Great writeup! Some days I feel similarly about Ember.
This is like Apple's marketing, except without the product and aimed at developers.
What I learned from doing it that way is that there's a level of process abstraction which is higher than "best practices" but lower than pure CS theory. It's the level at which documents like 12factor.net are. The best word I've found that describes it is "opinionated". You want software that's opinionated enough to drive design decisions but not so much that it dictates them.
People are very proud of this sort of understanding because it is hard-won. When you look at 12factor.net, if you haven't been developing for awhile, you might not understand just how useful a document it is. You might be thinking top-down rather than bottom-up. But if you're like me, you've seen lots of anti-patterns in the things you've built and long for a way to get them out of your apps.
That's where frameworks come in. They make decisions for you that cut back on those anti-patterns. Very useful if that's what you're looking for. When I first started building, I found Rails to be too much bloat, too complex, so I used Sinatra. Now I have a large project that I'm finishing up, and I wish now I'd used Rails. You can build an opinionated Sinatra app, but why when you could just use Rails?
You don't think you need someone else to make decisions for you, until you do.
Let's consider also the simple fact that ALL client-side MVC frameworks are JavaScript (unless they are precompiler-based, which none of the big ones really are, currently). The fact that all of them are based on the same language, the massive cracks in server-side systems that are further exacerbated by language idiosyncrasies are reduced significantly.

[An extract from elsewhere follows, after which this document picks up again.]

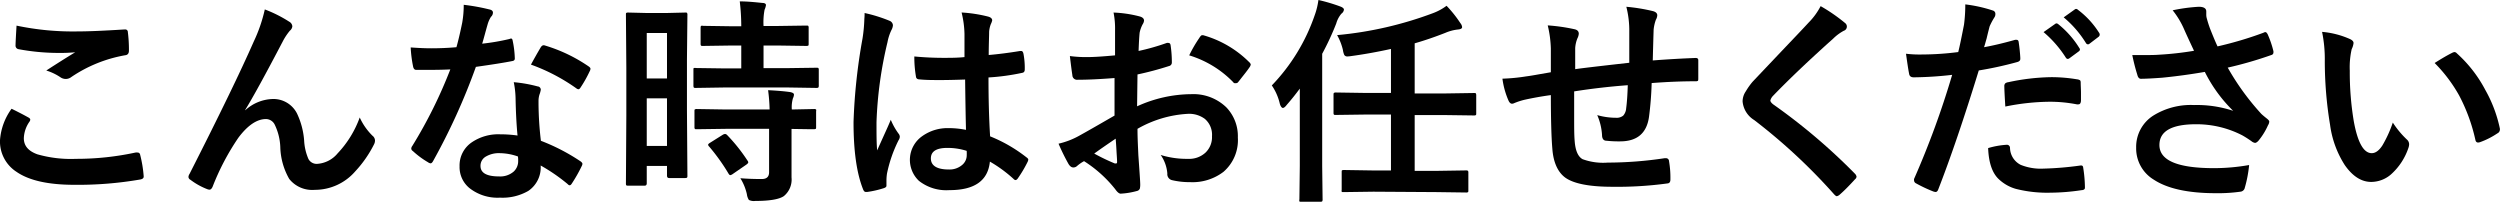 <svg xmlns="http://www.w3.org/2000/svg" viewBox="0 0 432.2 34.88"><title>アセット 28</title><g id="レイヤー_2" data-name="レイヤー 2"><g id="文字"><path d="M2,18.8c1,.49,2,1,2.93,1.52.2.11.3.23.3.37a.65.65,0,0,1-.11.31,5.3,5.3,0,0,0-1,2.9c0,1.3.78,2.22,2.35,2.78a21,21,0,0,0,6.67.78,48.19,48.19,0,0,0,10.29-1.09,1.61,1.61,0,0,1,.34,0,.44.44,0,0,1,.46.39,21,21,0,0,1,.61,3.71v.07c0,.26-.21.43-.65.5a63.17,63.17,0,0,1-11.33.91q-6.77,0-10-2.24A6.24,6.24,0,0,1,0,24.23,10.49,10.49,0,0,1,2,18.8ZM2.86,4.43a47.28,47.28,0,0,0,10.67,1q2.61,0,8-.34h.11a.43.43,0,0,1,.46.43,24.42,24.42,0,0,1,.19,3.23c0,.49-.22.76-.65.8a23.93,23.93,0,0,0-9.3,3.76,1.59,1.59,0,0,1-1,.34,1.66,1.66,0,0,1-.8-.23A9.3,9.3,0,0,0,8,12.19q3.09-2,5-3.15a29.54,29.54,0,0,1-3.12.11A38.12,38.12,0,0,1,3.19,8.5a.62.62,0,0,1-.5-.69C2.69,7.42,2.75,6.29,2.86,4.43Z"/><path d="M45.78,1.63A22.6,22.6,0,0,1,50,3.75a1,1,0,0,1,.54.8,1.13,1.13,0,0,1-.43.76A10.2,10.2,0,0,0,49,6.94Q44.34,15.85,42.39,19l0,.07a7.34,7.34,0,0,1,4.64-1.95,4.56,4.56,0,0,1,4.32,2.51,13.16,13.16,0,0,1,1.23,4.67,9.17,9.17,0,0,0,.74,3.18,1.6,1.6,0,0,0,1.47.85,5,5,0,0,0,3.58-1.82,17.8,17.8,0,0,0,3.82-6.2,10.53,10.53,0,0,0,2.21,3.16,1.08,1.08,0,0,1,.43.8,1.44,1.44,0,0,1-.15.65,20,20,0,0,1-3.27,4.71,9.24,9.24,0,0,1-7,3.19A5.07,5.07,0,0,1,50,30.93a11.67,11.67,0,0,1-1.54-5.45,9.69,9.69,0,0,0-1-4A1.72,1.72,0,0,0,46,20.58c-1.57,0-3.17,1.07-4.79,3.23a41.91,41.91,0,0,0-4.45,8.46c-.15.34-.33.52-.54.52a1.24,1.24,0,0,1-.37-.08,11.89,11.89,0,0,1-2.93-1.63.6.6,0,0,1-.34-.48,1.07,1.07,0,0,1,.19-.54Q40.49,14.88,43.87,7.18A26.12,26.12,0,0,0,45.78,1.63Z"/><path d="M83.36,7.55a38,38,0,0,0,4.72-.81.83.83,0,0,1,.27-.08c.15,0,.24.12.28.37A16.83,16.83,0,0,1,89,10.11c0,.26-.15.41-.46.45q-2,.4-6.27,1a108.88,108.88,0,0,1-7.41,16.31c-.14.25-.29.37-.42.37a1,1,0,0,1-.45-.19,15.09,15.09,0,0,1-2.63-1.95.52.52,0,0,1-.26-.4.79.79,0,0,1,.18-.47A80.61,80.61,0,0,0,77.85,12c-1,.05-2.23.08-3.8.08-.77,0-1.47,0-2.1,0-.28,0-.46-.2-.54-.61A21.49,21.49,0,0,1,71,8.2c1.37.1,2.55.15,3.53.15,1.47,0,2.93-.06,4.38-.19.33-1.17.66-2.59,1-4.25A17.51,17.51,0,0,0,80.17.83a35.19,35.19,0,0,1,4.43.8c.41.08.62.26.62.56a1,1,0,0,1-.34.72,5.07,5.07,0,0,0-.61,1.41c-.06.21-.22.76-.46,1.65C83.63,6.62,83.49,7.14,83.36,7.55Zm6.11,15.88q-.27-2.79-.34-6.53a15.46,15.46,0,0,0-.31-2.69,23.53,23.53,0,0,1,4.13.73.57.57,0,0,1,.54.59,4.11,4.11,0,0,1-.22.8,3.67,3.67,0,0,0-.17,1.13c0,.09,0,.23,0,.43a57.24,57.24,0,0,0,.41,6.45,34.31,34.31,0,0,1,6.85,3.55c.22.16.33.31.33.44a.94.94,0,0,1-.11.36,26.2,26.2,0,0,1-1.75,3.08c-.11.17-.22.26-.35.26s-.22-.08-.37-.23a30.74,30.74,0,0,0-4.64-3.19A4.9,4.9,0,0,1,91.34,33a8.9,8.9,0,0,1-4.9,1.17,7.83,7.83,0,0,1-5.3-1.67,4.68,4.68,0,0,1-1.69-3.73,4.83,4.83,0,0,1,2.15-4.19,8.14,8.14,0,0,1,4.88-1.36A20.93,20.93,0,0,1,89.47,23.43Zm.07,3.62a9.79,9.79,0,0,0-3.1-.57,4.43,4.43,0,0,0-2.52.63,1.82,1.82,0,0,0-.85,1.58c0,1.21,1.07,1.81,3.22,1.81a3.55,3.55,0,0,0,2.53-.85,2.44,2.44,0,0,0,.76-1.84A4.52,4.52,0,0,0,89.54,27.05Zm2.25-15.88c1-1.84,1.6-2.83,1.7-3s.31-.35.47-.35a1,1,0,0,1,.33.07,27,27,0,0,1,7.46,3.58c.22.15.33.29.33.41a1,1,0,0,1-.15.47,21.08,21.08,0,0,1-1.59,2.82c-.11.17-.23.26-.35.26a.64.64,0,0,1-.34-.15A32.44,32.44,0,0,0,91.79,11.17Z"/><path d="M118.84,30.36a.57.57,0,0,1-.07.36s-.15.06-.34.06h-2.75c-.24,0-.37-.14-.37-.42V28.69h-3.5v3c0,.27-.13.41-.37.41h-2.82a.6.6,0,0,1-.36-.07.79.79,0,0,1-.05-.34L108.28,20V11.71l-.07-9.13c0-.2,0-.32.07-.35a.65.65,0,0,1,.35-.06l3.25.08h3.28l3.27-.08c.2,0,.32,0,.35.08a.57.57,0,0,1,.06.33l-.08,7.68V19ZM115.31,5.7h-3.5v7.86h3.5Zm-3.5,19.53h3.5V17h-3.5Zm13.62-10.11-5.11.08c-.22,0-.35,0-.39-.1a.78.78,0,0,1-.05-.35V12.12c0-.2,0-.32.07-.36a.87.87,0,0,1,.37,0l5.11.07h2.72V7.87h-1.78l-4.79.07c-.22,0-.35,0-.4-.07a.67.67,0,0,1-.06-.36V4.86q0-.32.09-.39a.75.75,0,0,1,.37,0l4.79.07h1.78a37,37,0,0,0-.26-4.3c1.28,0,2.58.13,3.92.27.41,0,.61.16.61.37a3,3,0,0,1-.24.8A11.65,11.65,0,0,0,132,4.49h2.55l4.82-.07c.21,0,.33,0,.37.07a.69.69,0,0,1,.06.37V7.51c0,.22,0,.34-.08.38a.78.78,0,0,1-.35.05l-4.82-.07H132v3.91h4l5.1-.07c.21,0,.34,0,.39.07a.61.61,0,0,1,.06.34v2.63a.62.62,0,0,1-.08.39.69.69,0,0,1-.37.06l-5.1-.08Zm.14,7.15-5.06.07c-.22,0-.35,0-.39-.07a.61.61,0,0,1-.06-.34V19.26c0-.2,0-.32.08-.35a.69.69,0,0,1,.37-.06l5.06.08h7.48a30.52,30.52,0,0,0-.26-3.34c1.59.08,2.86.19,3.82.33.44.09.65.23.65.43a1.64,1.64,0,0,1-.18.65,5.53,5.53,0,0,0-.19,1.93l3.81-.08a.62.62,0,0,1,.39.08.74.74,0,0,1,0,.33v2.67c0,.19,0,.3-.06.34s-.17.07-.38.07l-.5,0-3.31-.05V26l0,4.68a3.69,3.69,0,0,1-1.34,3.23c-.81.55-2.46.83-4.93.83a2,2,0,0,1-1.1-.17,2.4,2.4,0,0,1-.35-1,8.8,8.8,0,0,0-1.13-2.76c1.17.1,2.41.14,3.71.14.84,0,1.26-.39,1.26-1.18V22.27Zm.15,1.09a29.57,29.57,0,0,1,3.49,4.38.64.64,0,0,1,.15.31c0,.12-.11.25-.33.41l-2.32,1.6a1.18,1.18,0,0,1-.45.22c-.1,0-.2-.09-.31-.26a33.58,33.58,0,0,0-3.34-4.67.58.58,0,0,1-.19-.32c0-.1.12-.22.37-.37l2.13-1.34a1,1,0,0,1,.43-.16A.59.59,0,0,1,125.72,23.36Z"/><path d="M149.47,2.25A25.59,25.59,0,0,1,153.8,3.6a.9.9,0,0,1,.57.76,2,2,0,0,1-.26.84,8.3,8.3,0,0,0-.68,2.09,68.51,68.51,0,0,0-1.9,13.84c0,2.18,0,3.8.12,4.87.18-.43.6-1.35,1.24-2.77q.69-1.5,1.11-2.52a11.28,11.28,0,0,0,1.34,2.39.88.88,0,0,1,.22.54,1.17,1.17,0,0,1-.22.61,23.24,23.24,0,0,0-2,5.77,8.53,8.53,0,0,0-.09,1.17c0,.22,0,.51,0,.85v.08c0,.17-.15.31-.46.41a16.69,16.69,0,0,1-2.84.65,1.42,1.42,0,0,1-.3,0c-.18,0-.34-.17-.46-.5q-1.64-4.15-1.63-11.6a98.14,98.14,0,0,1,1.55-14.41,26.24,26.24,0,0,0,.32-3.42A8.5,8.5,0,0,0,149.47,2.25ZM167,22.45q-.08-3.14-.15-8.7c-1.78.06-3.17.09-4.18.09-1.36,0-2.58,0-3.65-.11-.42,0-.64-.17-.67-.5a19.75,19.75,0,0,1-.28-3.47q2.52.24,5.07.24c1.18,0,2.38,0,3.6-.13l0-4a16.86,16.86,0,0,0-.5-3.71,24.26,24.26,0,0,1,4.6.71c.46.13.69.35.69.65a2.6,2.6,0,0,1-.23.64A4.55,4.55,0,0,0,171,5.51c0,.85-.07,2.2-.07,4q2.53-.22,5.39-.69a1.41,1.41,0,0,1,.25,0c.18,0,.3.16.37.49a13.19,13.19,0,0,1,.22,2.7c0,.34-.14.53-.43.58a38.31,38.31,0,0,1-5.84.8c0,3.73.09,7.13.28,10.18a25.57,25.57,0,0,1,6.3,3.64q.3.21.3.39a1.23,1.23,0,0,1-.11.37,21.6,21.6,0,0,1-1.74,2.93c-.13.15-.24.23-.36.23a.52.52,0,0,1-.33-.19,23.21,23.21,0,0,0-4.1-3q-.48,4.94-7,4.93a7.64,7.64,0,0,1-5.27-1.61,5,5,0,0,1,.6-7.74A7.53,7.53,0,0,1,164,22.15,15.12,15.12,0,0,1,167,22.45Zm.09,3.62a10.94,10.94,0,0,0-3.3-.5c-1.91,0-2.86.6-2.86,1.82s1,1.91,3.08,1.91a3.33,3.33,0,0,0,2.37-.82,2.17,2.17,0,0,0,.75-1.65A7.42,7.42,0,0,0,167.12,26.07Z"/><path d="M192.77,9.57l0-4.34a14,14,0,0,0-.26-3.06,20.89,20.89,0,0,1,4.51.67c.51.14.76.38.76.72a1.33,1.33,0,0,1-.22.61,5.21,5.21,0,0,0-.54,1.49q-.11,1.09-.18,3.15a38.87,38.87,0,0,0,4.88-1.39.63.63,0,0,1,.26,0q.33,0,.39.39a20.16,20.16,0,0,1,.22,3,.61.61,0,0,1-.5.61,54.29,54.29,0,0,1-5.44,1.45l-.07,5.51a22.81,22.81,0,0,1,9.35-2.1A8.18,8.18,0,0,1,212,18.55a7.19,7.19,0,0,1,2,5.22,7.23,7.23,0,0,1-2.49,5.94,8.82,8.82,0,0,1-5.75,1.78,13.32,13.32,0,0,1-3.12-.34,1.06,1.06,0,0,1-.83-1.15,6.48,6.48,0,0,0-1.15-3.21,15.13,15.13,0,0,0,4.75.67,4.13,4.13,0,0,0,3-1.08,3.69,3.69,0,0,0,1.12-2.83,3.6,3.6,0,0,0-1.24-3,4.56,4.56,0,0,0-2.94-.87,19.62,19.62,0,0,0-8.7,2.59c0,1.62.09,3.14.15,4.57.21,2.95.32,4.6.32,4.93a3.22,3.22,0,0,1-.06.82.68.68,0,0,1-.52.43,13.09,13.09,0,0,1-2.8.46c-.25,0-.56-.23-.93-.76a21.66,21.66,0,0,0-5.4-4.86,6.81,6.81,0,0,0-1.2.83.92.92,0,0,1-.66.26c-.3,0-.58-.2-.83-.61A36,36,0,0,1,183,24.84a13.44,13.44,0,0,0,3.49-1.33q1.73-.95,6.19-3.53V13.49q-3.8.3-6.38.3a.81.81,0,0,1-.91-.8c-.1-.61-.24-1.71-.43-3.3a21.1,21.1,0,0,0,3,.18Q189.58,9.87,192.77,9.57Zm.11,14.4q-2.41,1.63-3.71,2.58a34.9,34.9,0,0,0,3.56,1.71,1.15,1.15,0,0,0,.2,0c.13,0,.19-.08.19-.23a.52.52,0,0,0,0-.11c0-.38-.06-1.06-.11-2S192.9,24.28,192.88,24Zm12.71-14.4a22.72,22.72,0,0,1,1.74-3c.2-.33.37-.49.5-.49l.15,0A18.27,18.27,0,0,1,216,10.78a.68.68,0,0,1,.23.39,1.31,1.31,0,0,1-.15.37c-.21.32-.57.81-1.08,1.45s-.88,1.14-1,1.26-.2.13-.41.13-.3,0-.35-.13A17.84,17.84,0,0,0,205.59,9.57Z"/><path d="M219.87,14.77a32.86,32.86,0,0,0,7.41-12.12A12.6,12.6,0,0,0,227.93,0a29.93,29.93,0,0,1,3.8,1.13c.41.16.61.34.61.54a1,1,0,0,1-.43.69,4.44,4.44,0,0,0-.9,1.7,48,48,0,0,1-2.43,5.24V28.69l.07,5.77a.52.52,0,0,1-.09.37.84.84,0,0,1-.36.05H225c-.2,0-.32,0-.36-.07a.68.68,0,0,1,0-.35l.07-5.77V20c0-2,0-3.59,0-4.68-.74,1-1.49,1.94-2.25,2.8-.27.36-.5.54-.68.54s-.43-.29-.56-.87A9.29,9.29,0,0,0,219.87,14.77Zm17.56,18.37-5.12.07c-.2,0-.32,0-.36-.07a1,1,0,0,1,0-.34v-3c0-.2,0-.32.06-.35s.15-.06.34-.06l5.12.08h3V19.8h-4.29l-5.21.07c-.2,0-.32,0-.37-.07a.61.61,0,0,1-.06-.34v-3c0-.23,0-.36.1-.41s.14-.06.33-.06l5.21.08h4.29V8.46c-2.36.52-4.65.93-6.85,1.23a6.42,6.42,0,0,1-.68.07.6.6,0,0,1-.54-.26,3.22,3.22,0,0,1-.24-.87,9.74,9.74,0,0,0-1-2.56,63.62,63.62,0,0,0,16.56-3.79A9.4,9.4,0,0,0,250.08,1a20.34,20.34,0,0,1,2.39,3,1.25,1.25,0,0,1,.3.69c0,.23-.24.37-.72.41a7.55,7.55,0,0,0-2.16.57q-2.74,1.08-5.32,1.82v8.67h5l5.21-.08c.2,0,.33,0,.37.08a.81.81,0,0,1,.06.39v3c0,.19,0,.3-.07.35a.67.67,0,0,1-.36.06l-5.21-.07h-5v9.65h3.73l5.12-.08a.57.57,0,0,1,.37.08.59.59,0,0,1,.06.33v3c0,.19,0,.3-.07.35a.62.62,0,0,1-.36.06l-5.12-.07Z"/><path d="M281.67,10.85c0-1.26,0-3,0-5.34a16.62,16.62,0,0,0-.51-4.34,31.19,31.19,0,0,1,4.63.76q.72.21.72.72a1.72,1.72,0,0,1-.24.76,7,7,0,0,0-.39,1.71c-.05,1.57-.1,3.35-.15,5.33,2.58-.2,5.06-.34,7.42-.43q.45,0,.45.39,0,1.25,0,1.8t0,1.32c0,.24,0,.4-.1.46a.81.81,0,0,1-.39.06q-3.56,0-7.57.31a57.19,57.19,0,0,1-.46,5.85c-.4,2.82-2.05,4.23-5,4.23a19.37,19.37,0,0,1-2.36-.11c-.51,0-.76-.37-.76-1a10.14,10.14,0,0,0-.83-3.43,11.92,11.92,0,0,0,3.22.46,1.8,1.8,0,0,0,1.27-.37,2.11,2.11,0,0,0,.51-1.26c.14-1,.23-2.4.28-4q-4.71.35-9.27,1.07c0,2.33,0,3.85,0,4.58,0,1.63,0,2.95.09,4,.12,1.66.58,2.71,1.37,3.14a10.35,10.35,0,0,0,4.35.59,66.5,66.5,0,0,0,9.83-.76H288a.51.51,0,0,1,.54.5,16.9,16.9,0,0,1,.24,3.19c0,.41-.16.64-.5.67a64.11,64.11,0,0,1-9.54.58c-4,0-6.76-.55-8.2-1.63-1.23-.94-2-2.59-2.17-4.94q-.25-2.88-.26-9.28c-1.53.21-3.07.48-4.6.82a12.21,12.21,0,0,0-1.71.56.93.93,0,0,1-.4.11c-.24,0-.44-.18-.6-.52a13.89,13.89,0,0,1-1.06-3.81,31.8,31.8,0,0,0,4.07-.39c.41-.05,1.13-.16,2.17-.35l2.13-.37V8.39a19,19,0,0,0-.54-4,31.12,31.12,0,0,1,4.57.65c.53.1.8.36.8.8a2.17,2.17,0,0,1-.24.8,5.4,5.4,0,0,0-.38,1.67c0,.33,0,.94,0,1.81s0,1.44,0,1.84Q273.39,11.78,281.67,10.85Z"/><path d="M314.75,1.06A29.44,29.44,0,0,1,319,4a.76.76,0,0,1-.25,1.32,7.94,7.94,0,0,0-1.81,1.34q-6.25,5.59-10.38,9.87a1.89,1.89,0,0,0-.5.83c0,.2.17.43.5.69a102.88,102.88,0,0,1,14.14,12,.94.94,0,0,1,.26.5.67.67,0,0,1-.26.44c-1,1.1-1.89,2-2.63,2.64a1.1,1.1,0,0,1-.52.29c-.11,0-.27-.11-.47-.33a99.06,99.06,0,0,0-13.82-12.84,4.21,4.21,0,0,1-2-3.21,3.11,3.11,0,0,1,.56-1.76A11.81,11.81,0,0,1,303,14.12l5.14-5.42c1.9-2,3.4-3.56,4.53-4.79A11.58,11.58,0,0,0,314.75,1.06Z"/><path d="M343,8.16q2.36-.42,5.39-1.28l.21,0c.23,0,.36.13.39.4.15,1,.24,1.93.28,2.73v.17c0,.28-.2.47-.58.56a62.64,62.64,0,0,1-6.6,1.44q-3.78,12.29-7,20.56c-.11.3-.27.45-.47.45a1.77,1.77,0,0,1-.37-.08,24.74,24.74,0,0,1-3-1.41.59.59,0,0,1-.35-.54.89.89,0,0,1,0-.22,149.77,149.77,0,0,0,6.59-18,63.84,63.84,0,0,1-6.64.43c-.47,0-.74-.2-.8-.61-.14-.67-.31-1.83-.54-3.47a19.86,19.86,0,0,0,2.82.13A50.29,50.29,0,0,0,338.54,9c.29-1.16.61-2.75,1-4.75a26.69,26.69,0,0,0,.22-3.49,24,24,0,0,1,4.77,1.06.59.59,0,0,1,.43.61,1,1,0,0,1-.19.61,11.39,11.39,0,0,0-.8,1.51c-.13.49-.31,1.19-.52,2.09C343.24,7.36,343.11,7.87,343,8.16Zm.68,17.45a14.2,14.2,0,0,1,3.23-.58.53.53,0,0,1,.58.54,3.36,3.36,0,0,0,1.85,2.93,9.26,9.26,0,0,0,3.95.65,55.56,55.56,0,0,0,6.39-.54l.13,0q.29,0,.33.36a22.88,22.88,0,0,1,.3,3.32c0,.08,0,.14,0,.18,0,.25-.21.39-.62.41a36.6,36.6,0,0,1-5.29.43,22,22,0,0,1-6-.65,7.1,7.1,0,0,1-3.12-1.82Q343.85,29.23,343.71,25.61Zm3-7.19c-.11-1.79-.17-2.94-.17-3.45a.72.72,0,0,1,.15-.55,1.07,1.07,0,0,1,.54-.21,37.39,37.39,0,0,1,7.4-.87,26.84,26.84,0,0,1,4.46.37,1.2,1.2,0,0,1,.53.17c.08.06.12.2.12.41,0,.52.05,1.1.05,1.74,0,.38,0,.81,0,1.28s-.15.73-.44.73a1.45,1.45,0,0,1-.28,0,24.27,24.27,0,0,0-4.71-.45A39.68,39.68,0,0,0,346.68,18.42Zm6.61-12.87,2-1.41a.47.47,0,0,1,.24-.1.63.63,0,0,1,.34.17,16.1,16.1,0,0,1,3.59,4.07.51.51,0,0,1,.12.27.42.42,0,0,1-.21.34l-1.59,1.17a.58.58,0,0,1-.3.13.45.45,0,0,1-.35-.24A19.35,19.35,0,0,0,353.29,5.55ZM356.77,3l1.92-1.37a.4.4,0,0,1,.24-.09.51.51,0,0,1,.31.16,14.81,14.81,0,0,1,3.62,3.92A.61.61,0,0,1,363,6a.51.51,0,0,1-.22.38l-1.52,1.16a.48.48,0,0,1-.3.13.45.45,0,0,1-.35-.24A18.2,18.2,0,0,0,356.77,3Z"/><path d="M379.3,8.78c-.85-1.81-1.45-3.11-1.8-3.92a14.52,14.52,0,0,0-1.89-3.08,29.68,29.68,0,0,1,4.51-.61c.86,0,1.3.27,1.3.8V2.5a2.34,2.34,0,0,0,.05.52,20.1,20.1,0,0,0,.6,1.92c.61,1.54,1.05,2.57,1.3,3.08a63.14,63.14,0,0,0,7.94-2.36.73.73,0,0,1,.33-.11c.12,0,.25.12.39.37a16.71,16.71,0,0,1,1,2.93,1,1,0,0,1,0,.22.43.43,0,0,1-.33.43,66.62,66.62,0,0,1-7.57,2.19,43.13,43.13,0,0,0,5.81,8c.21.2.54.48,1,.84.25.21.37.37.37.48a1.28,1.28,0,0,1-.22.65,11.29,11.29,0,0,1-1.49,2.47c-.28.38-.54.57-.76.57a1.31,1.31,0,0,1-.61-.29,17.64,17.64,0,0,0-1.56-1,17.26,17.26,0,0,0-8-1.93q-6.35,0-6.35,3.59,0,4,9.43,4a35.13,35.13,0,0,0,6.08-.54,21.6,21.6,0,0,1-.79,4.07.85.85,0,0,1-.73.54,27.78,27.78,0,0,1-4.23.26q-7.14,0-10.7-2.32a6.3,6.3,0,0,1-3.08-5.55,6.4,6.4,0,0,1,3-5.57,12.27,12.27,0,0,1,7-1.8,19.86,19.86,0,0,1,6.77,1,25.07,25.07,0,0,1-4.9-6.73q-3.7.64-7.33,1c-1.72.13-3,.19-3.73.19-.29,0-.5-.23-.61-.69a33.87,33.87,0,0,1-.87-3.41l2.06,0c.9,0,1.8,0,2.69-.07A54.94,54.94,0,0,0,379.3,8.78Z"/><path d="M401.44,5.51a14.93,14.93,0,0,1,4.82,1.24c.41.19.62.42.62.69a3.13,3.13,0,0,1-.32,1.06,14.11,14.11,0,0,0-.33,3.73,51.32,51.32,0,0,0,.68,8.66q1,5.59,3.12,5.59c.64,0,1.26-.45,1.84-1.34a21.05,21.05,0,0,0,1.8-3.95,15.81,15.81,0,0,0,2.43,2.93,1.09,1.09,0,0,1,.39.82,2,2,0,0,1-.11.59,10.69,10.69,0,0,1-3,4.6,5.26,5.26,0,0,1-3.45,1.32q-2.52,0-4.55-2.89a17,17,0,0,1-2.56-7,67.38,67.38,0,0,1-.91-11.06A23.29,23.29,0,0,0,401.44,5.51Zm19.46,5.38c1.25-.79,2.25-1.37,3-1.74a1.26,1.26,0,0,1,.43-.15.62.62,0,0,1,.41.22,22.69,22.69,0,0,1,4.91,6.31,23.32,23.32,0,0,1,2.53,6.7,1,1,0,0,1,0,.22.74.74,0,0,1-.44.61,13.51,13.51,0,0,1-3,1.52,1.1,1.1,0,0,1-.33.06c-.25,0-.41-.16-.47-.48a30.43,30.43,0,0,0-2.8-7.65A25.75,25.75,0,0,0,420.9,10.89Z"/></g></g></svg>

> I've seen [the problems that occur when you're working
> with an immature ecosystem] before. I started with Rails
> in 2006. It was difficult in the earlier years. It has
> only really matured in the past 3 years. I think Rails
> 3.1 really embodies everything you need to make a
> certain class of web applications. Ember and its
> ecosystem are so far off.
Using rails as our yardstick: Rails Releases Ember.js
--------------------- --------------------------
3.1.0 August 31, 2011 Now + 6.5 Years (End 2020)
3.0.0 August 29, 2010 Now + 5.5 Years (End 2019)
2.0.0 December 6, 2007 Now + 2 Years (Mid 2015)
1.0.0 December 13, 2005 Now (Mid 2013)
So starting an Ember.js project today is like starting a Rails app in 2005. Probably too much headache to take on for six month to a year long projects, but if you're looking at a 2-3 year timeframe and Ember.js gives you a technology advantage over other frameworks, then it might a good time to try it.Ember is really cute and charming. When it works it is all magic - but when it doesn't it is way harder to figure out what is wrong.
So far, Angular seems to have a stronger foundation and will eventually catch up in beauty.